Even if your ridiculous argument that the FSB must have been responsible were true - and it's simply not - just what is the death of one shady shitstain by another shady shitstain worth, exactly? A stern rebuke? Sanctions? War?
The issue isn't
who was killed, the issue is sending a covert agent onto British territory to murder a dissident. Hard as it may be to believe, this is kind of a big deal. And thank you for putting words in my mouth by suggesting that I think it necessitates direct action, I never said that.

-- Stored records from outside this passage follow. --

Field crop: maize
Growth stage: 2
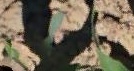
Species: maize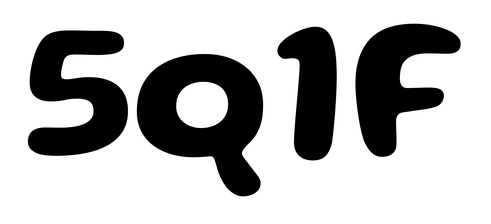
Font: Gluten_SemiBold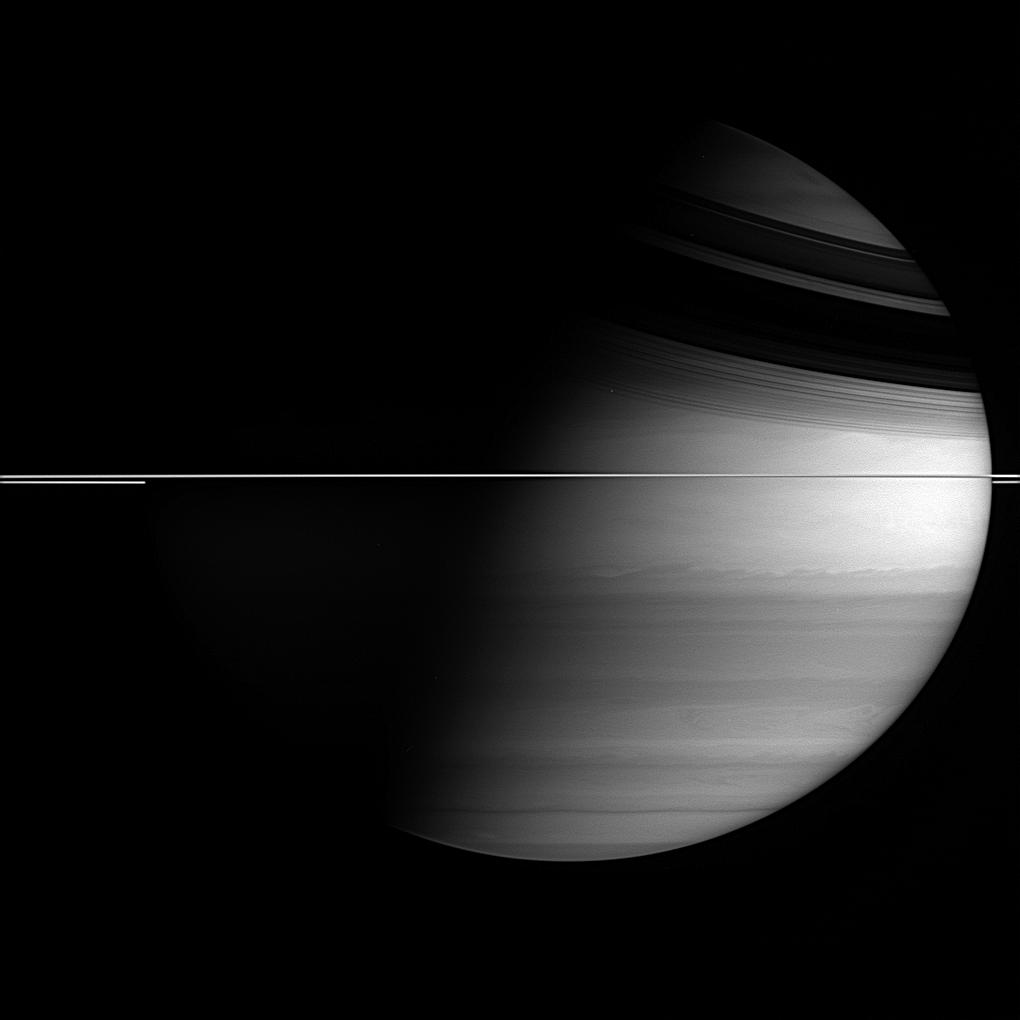
A Privileged View Saturn, Cassini-Huygens

I listed it as one of several reasons, patterns of behavior, that the United States wouldn't be pals with Russia.
Oh thatttt - you mean where Russia stopped selling gas to Ukraine at subsidized prices and Ukraine wouldn't foot the bill, so the supplies stopped - yes, let's dress that up as a sinister message to Western Europe as opposed to Russia deciding it wasn't going to subsidize more or less openly hostile governments.
It's funny how Russia abruptly voided binding prior agreements about the gas prices and demanded an increase of several hundred percent, shortly after Ukraine gave their rent-boy the boot and began cosying to the West, then only actually reduced pressure in the pipeline just a few days after European states attempted to use their influence to urge a reasonable settlement. And that even though Russia's energy treaty obligations with the EU would have (and indeed in practice
did) dictate that they would have to turn it back on after only a couple of days, meaning that the move would basically just produce a temporary energy shock in Europe. Oh my, it's almost as if they intended to do those things as a kind of threat and punishment. But they would
never do that, because they're such nice boys.